• What to work on
Please report each line in the material below that includes "This".

• Source material
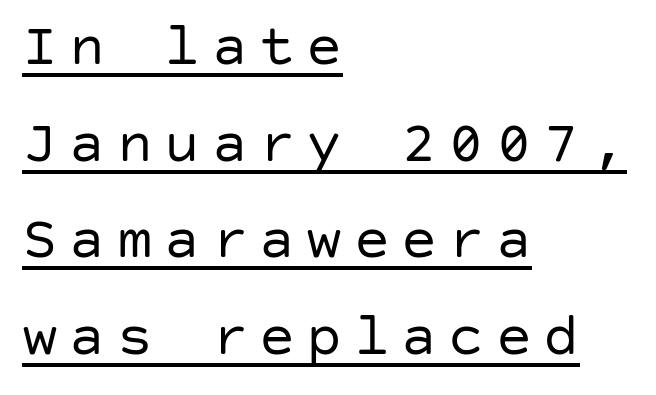
Honestly, the row spacing looks completely unremarkable. Weight: not bold — regular or lighter. Compared with a centered layout, this one pins lines to the left instead. This sample carries an underscore along the baseline area. Nope, not italic — everything's standing straight.
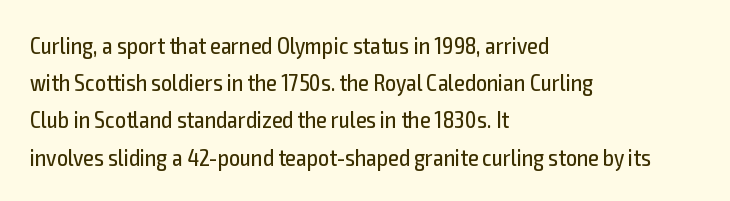
Ordinary non-slanted type is in use. This sample uses plain, unmodified letter spacing. Has an underline been added? It has not. The designer left line spacing at the default. The cut favours lightness, reaching ordinary text weight at its darkest. Layout note: lines flush left.
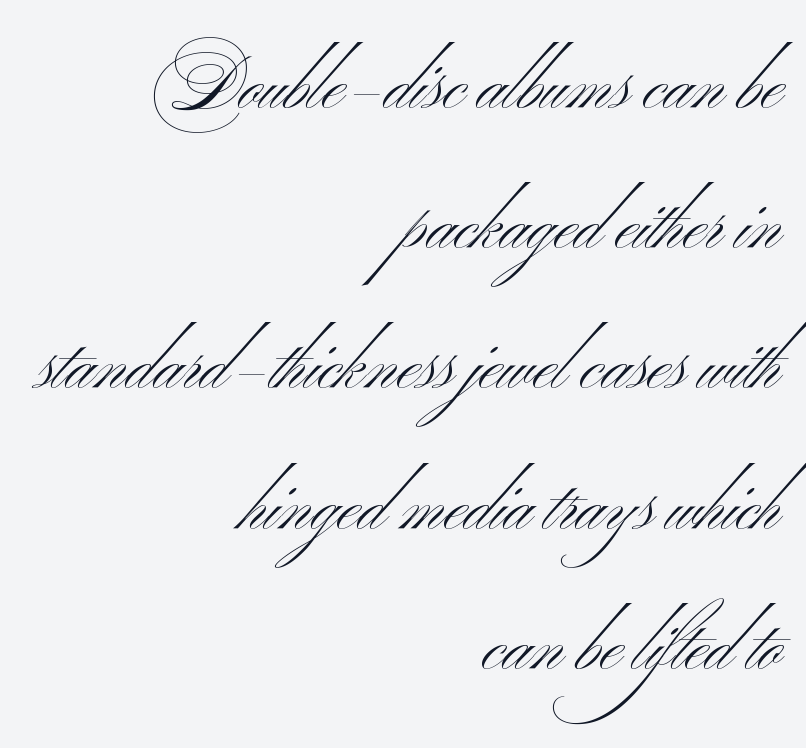
The image shows 75 px light, wide sans-serif type; set right-aligned, line spacing 1.87x, normal letter spacing, not underlined; medium stroke contrast and a small x-height.

• Result
Honestly, the row spacing looks completely unremarkable. Weight: not bold — regular or lighter. Compared with a centered layout, this one pins lines to the left instead. This sample carries an underscore along the baseline area. Nope, not italic — everything's standing straight.
Ordinary non-slanted type is in use. This sample uses plain, unmodified letter spacing. Has an underline been added? It has not. The designer left line spacing at the default. The cut favours lightness, reaching ordinary text weight at its darkest. Layout note: lines flush left.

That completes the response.